I know this is an old post but here it goes and i hope it helps. Honestly as a a former teenage mom I would say to you and your daughter is

1. your not being mean, you have every right to whom you allow in your home

2. if he still doesn't have a GED, but needs to learn how to support his family tell him to get off his ass and join the military. There are many programs that the military will help you pay for to get his GED. There is a program in the National Guard that helps you review for GED (which they pay for) in return you have to sign a contract from 2-6 years but the good things all the benefits he will obtain for his upcoming family. 
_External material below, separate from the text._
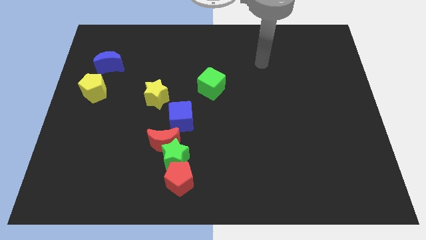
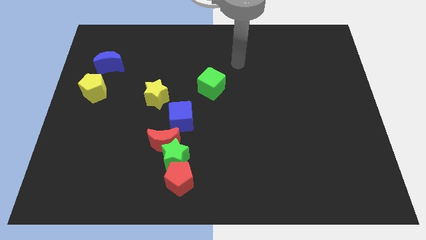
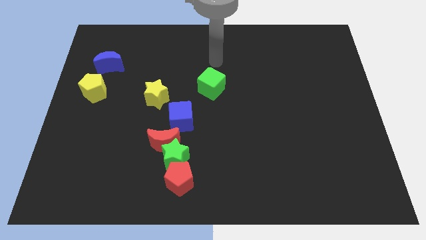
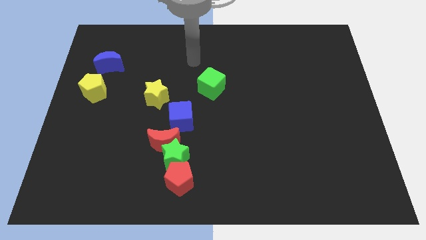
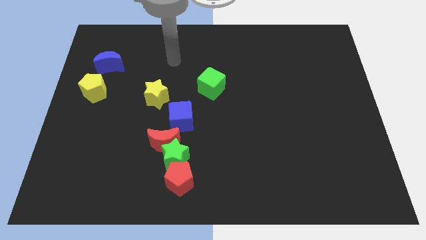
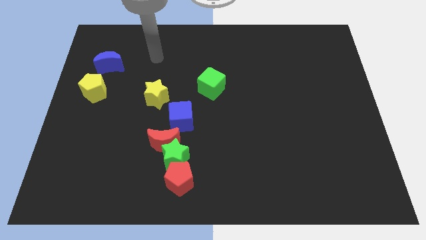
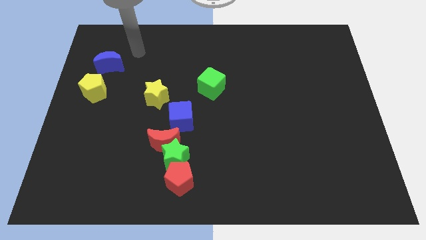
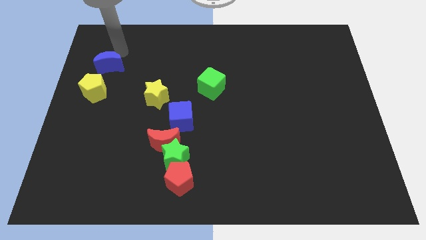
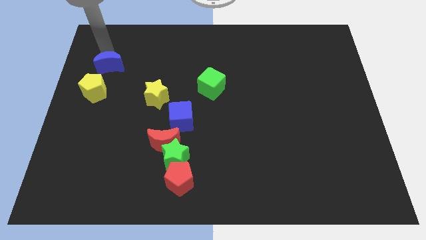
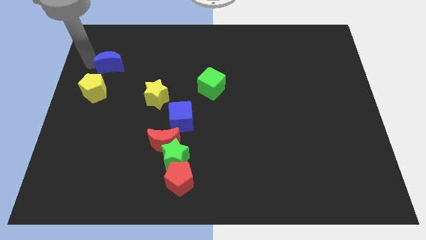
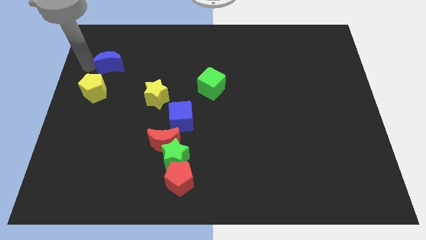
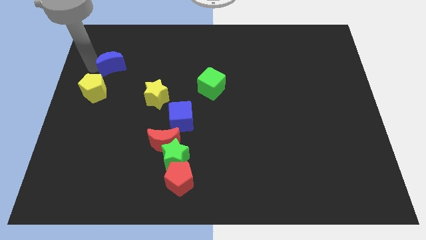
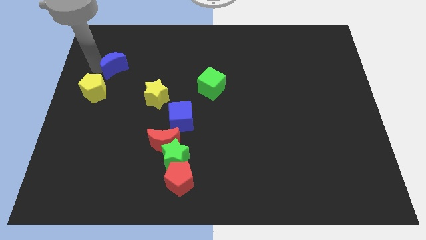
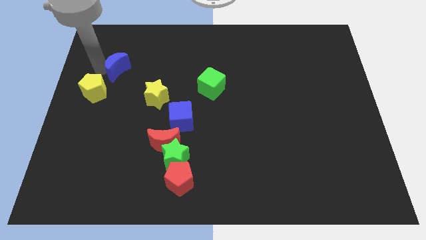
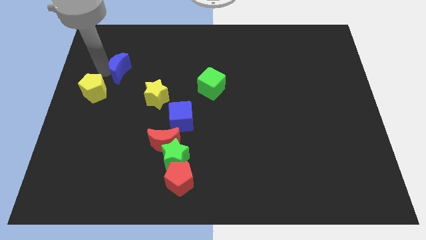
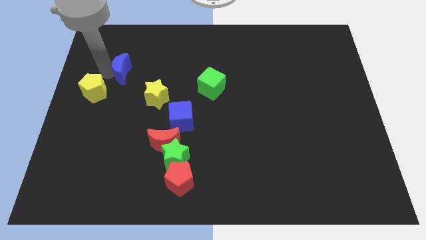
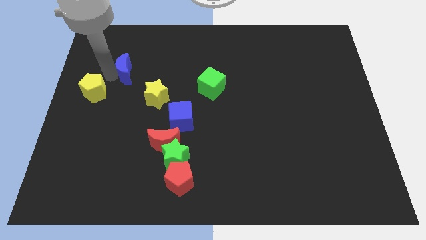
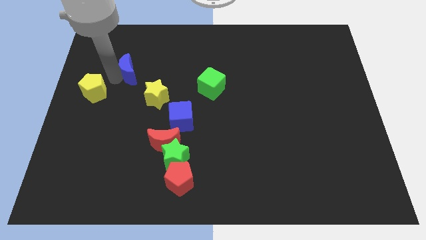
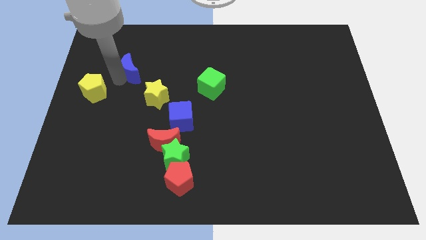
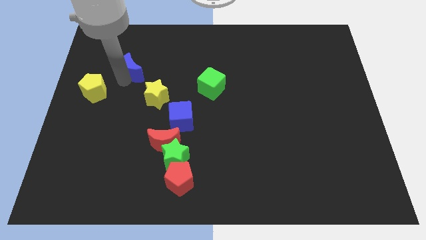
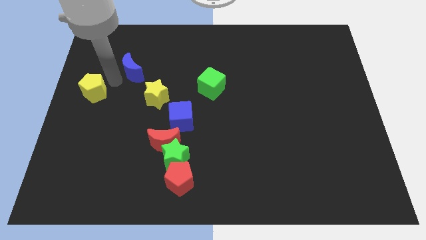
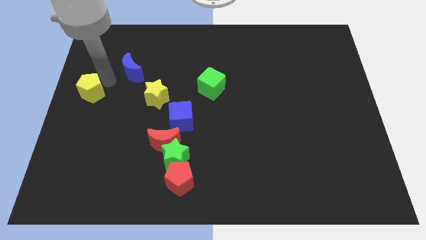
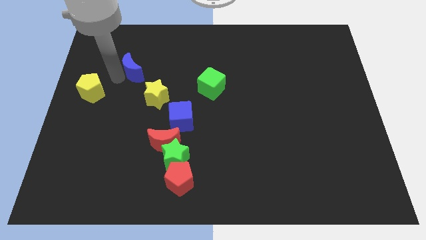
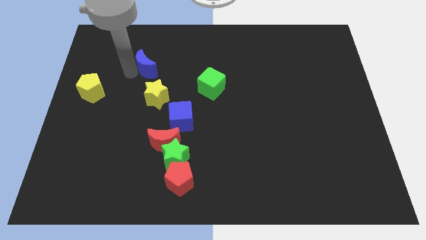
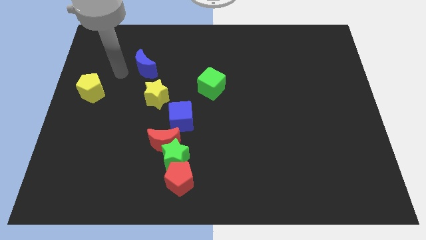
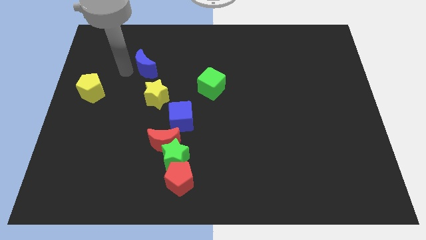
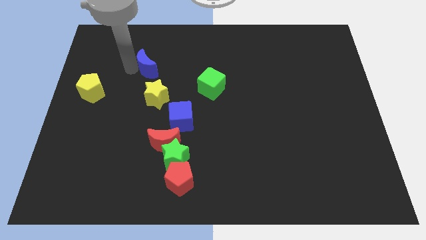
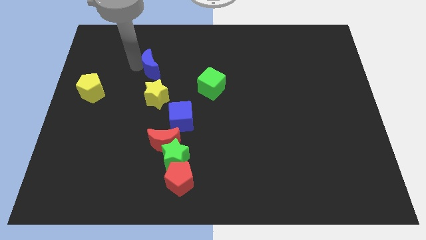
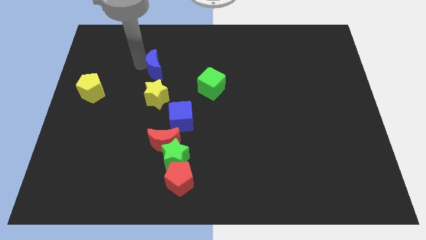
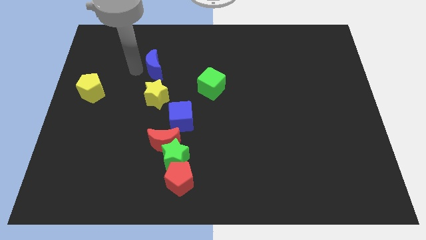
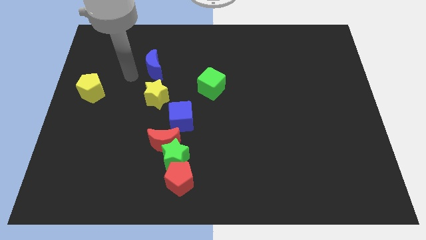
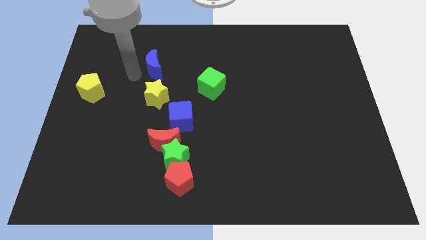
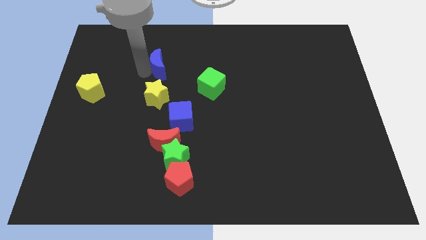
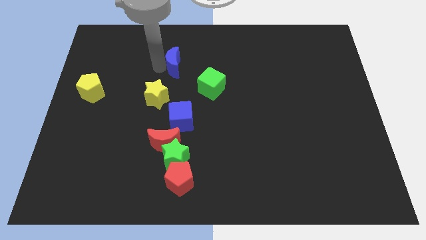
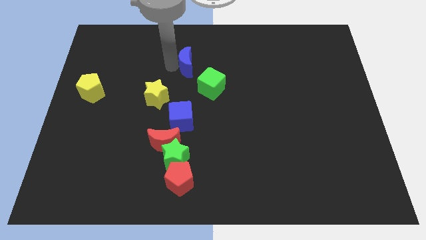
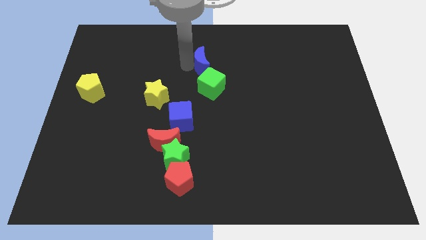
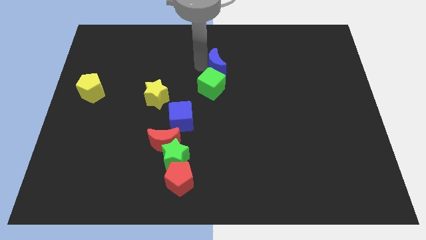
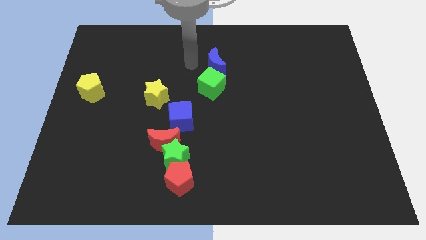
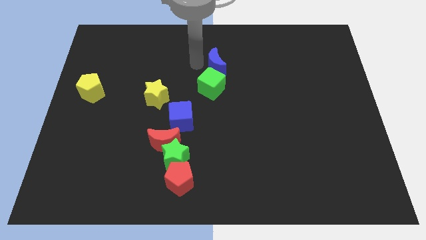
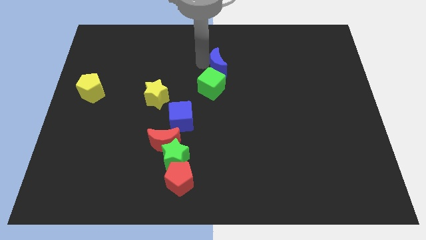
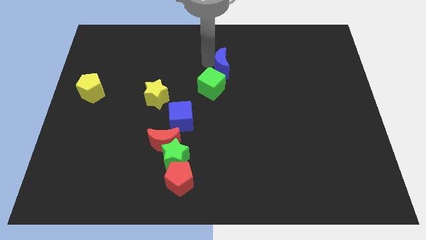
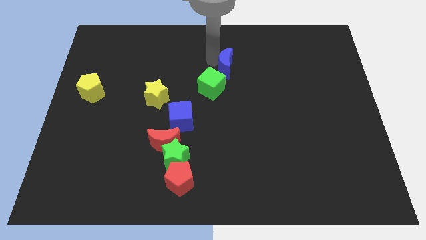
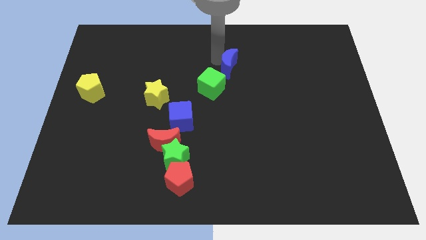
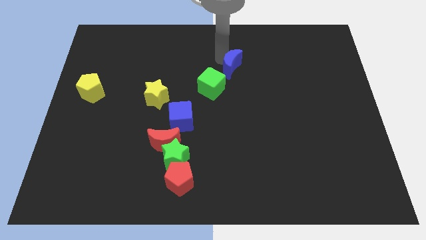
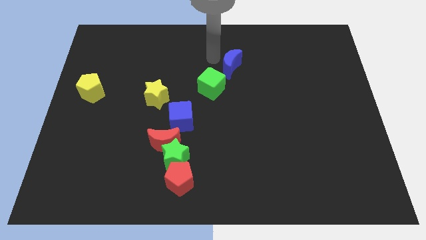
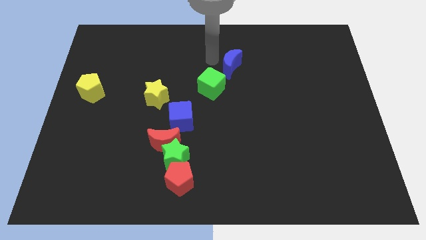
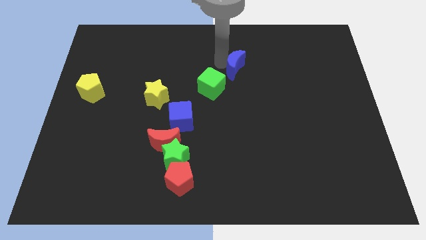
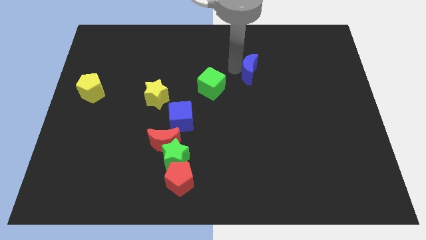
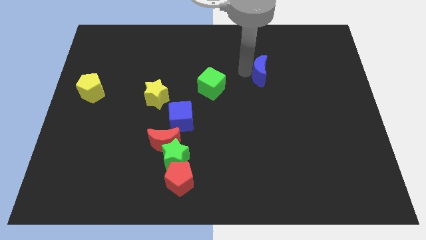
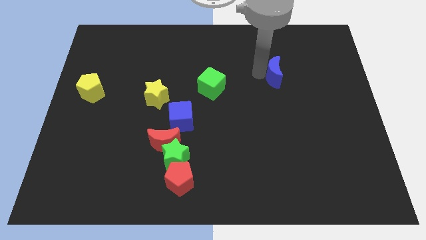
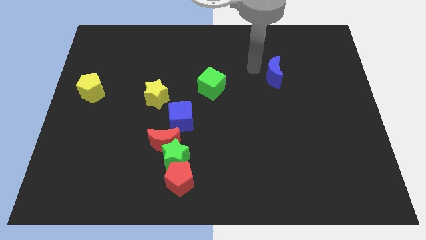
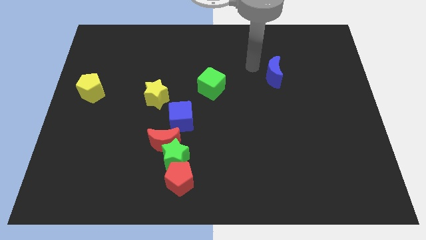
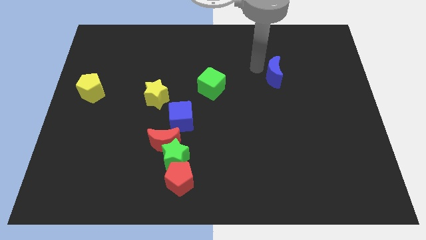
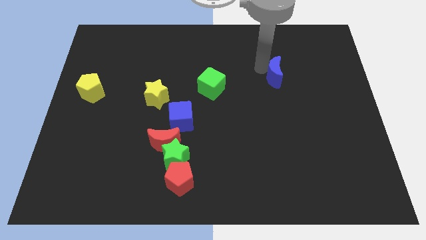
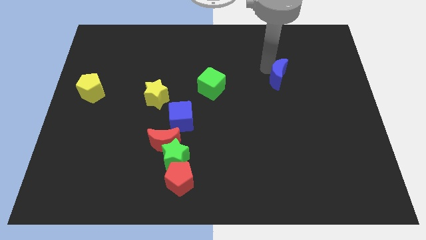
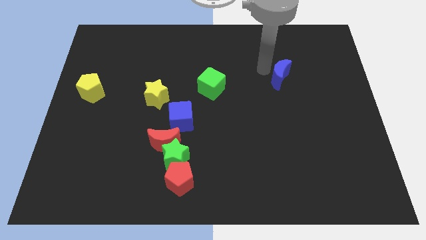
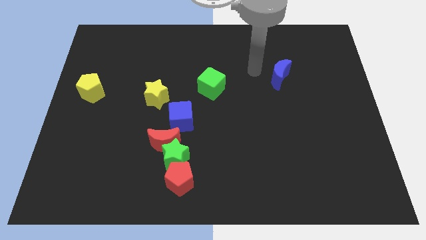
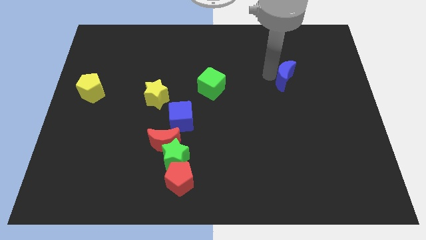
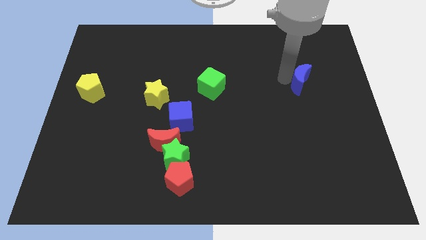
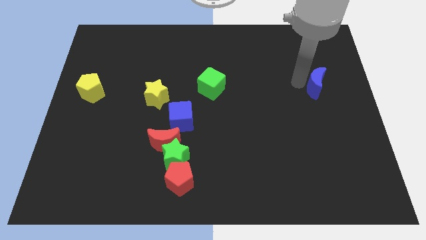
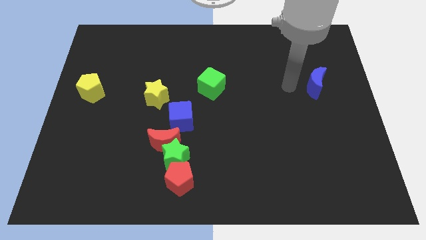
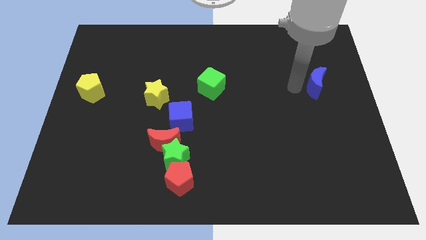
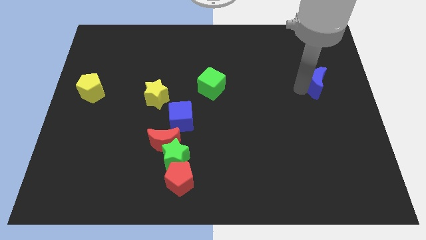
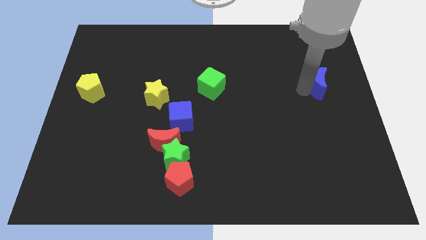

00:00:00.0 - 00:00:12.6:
slide the blue moon to the right side of the board

I hope this helps, and o yeah for your daughter if he doesn't change before their child is born tell her that the chances of him changing after is slim.


----------



## momof6girls (Jan 11, 2010)

Thank you for the extra words... i am still beating myself up over. well he can not do military since he has a record with the law.. and is still technicaly wanted by the police?? (a hole) anyway... she had left her dog with us when she left (no time to give to it) that was a few months ago, hubby did not want the dog to start with but i talked him into it.. hoping it could be here when she got smart and moved home.
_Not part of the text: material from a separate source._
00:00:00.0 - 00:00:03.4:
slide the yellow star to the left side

well this past weekend we found a nice home for the dog (other girls have better breathing truely) and it is down the road so the girls can still see him... but she is very mad at me... (go figure) but i did learn thru her myspace page she has a cat???? no time for dog but time for that??? what ever. 

I did her taxes for her,,, there still sitting on my desk she has not made the time to pick them up..... or at least sign them so i can send them in... grrrr hubby really saying i am baby"ing" her and she is going to be a mom i need to knock it off. (ok i am but i do taxes so why would i not help her with that?)
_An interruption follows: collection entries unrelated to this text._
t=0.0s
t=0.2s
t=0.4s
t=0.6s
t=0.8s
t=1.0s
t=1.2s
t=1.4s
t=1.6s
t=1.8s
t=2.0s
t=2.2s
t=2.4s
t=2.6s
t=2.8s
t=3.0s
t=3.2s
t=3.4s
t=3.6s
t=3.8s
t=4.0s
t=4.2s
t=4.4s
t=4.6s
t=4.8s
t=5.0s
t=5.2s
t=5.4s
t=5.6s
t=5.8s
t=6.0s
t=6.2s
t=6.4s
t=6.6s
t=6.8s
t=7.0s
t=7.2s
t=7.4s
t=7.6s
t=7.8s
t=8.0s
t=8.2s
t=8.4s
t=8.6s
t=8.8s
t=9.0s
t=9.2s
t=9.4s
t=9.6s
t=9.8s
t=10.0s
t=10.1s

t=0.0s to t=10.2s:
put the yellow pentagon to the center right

i am still finding a hard line between keeping nice and being there for her,,, and being on my hubby's side and going along with tough love... and there are the other 5 at home that are watching and learning i am sure... 

still working on it...


----------



## prestonspinay (Mar 5, 2010)

Wow I wish my mom can do my taxes, lol. Some parts you are babying her and other times were moms and we can't stop being moms. Well in the Army I was a human resouce person and you know what's messed up so many people in the service had felonys prior to enlisting. The justice system is wacked, the worst I saw was DUI with drugs and gun in the car and beating a cop. If the guys isn't that bad then I bet some recruiter will pull all the right strings to sign his life. As for the cat and dog situation just let it be there is more to life then animals. Good luck!
_Posted via Mobile Device_


----------



## momof6girls (Jan 11, 2010)

it was her dads b-day monday and she came over for dinner it went well... all 6 girls around the table and nothing but talk she got out her altrasound of the baby and i held my breath but all went ok... 
she went on line later to catch up on her e-mails and stuff (she can't afford on line) and me and dad went out for a drink for his b-day as soon as we got in the car my hubby let a deep breath and said i really had to bit my lip...i am glade he did.
yes we want them to grow and we want them to be happy but i any way have a hard time just letting her make her mistakes...
well one day at a time i guess.


----------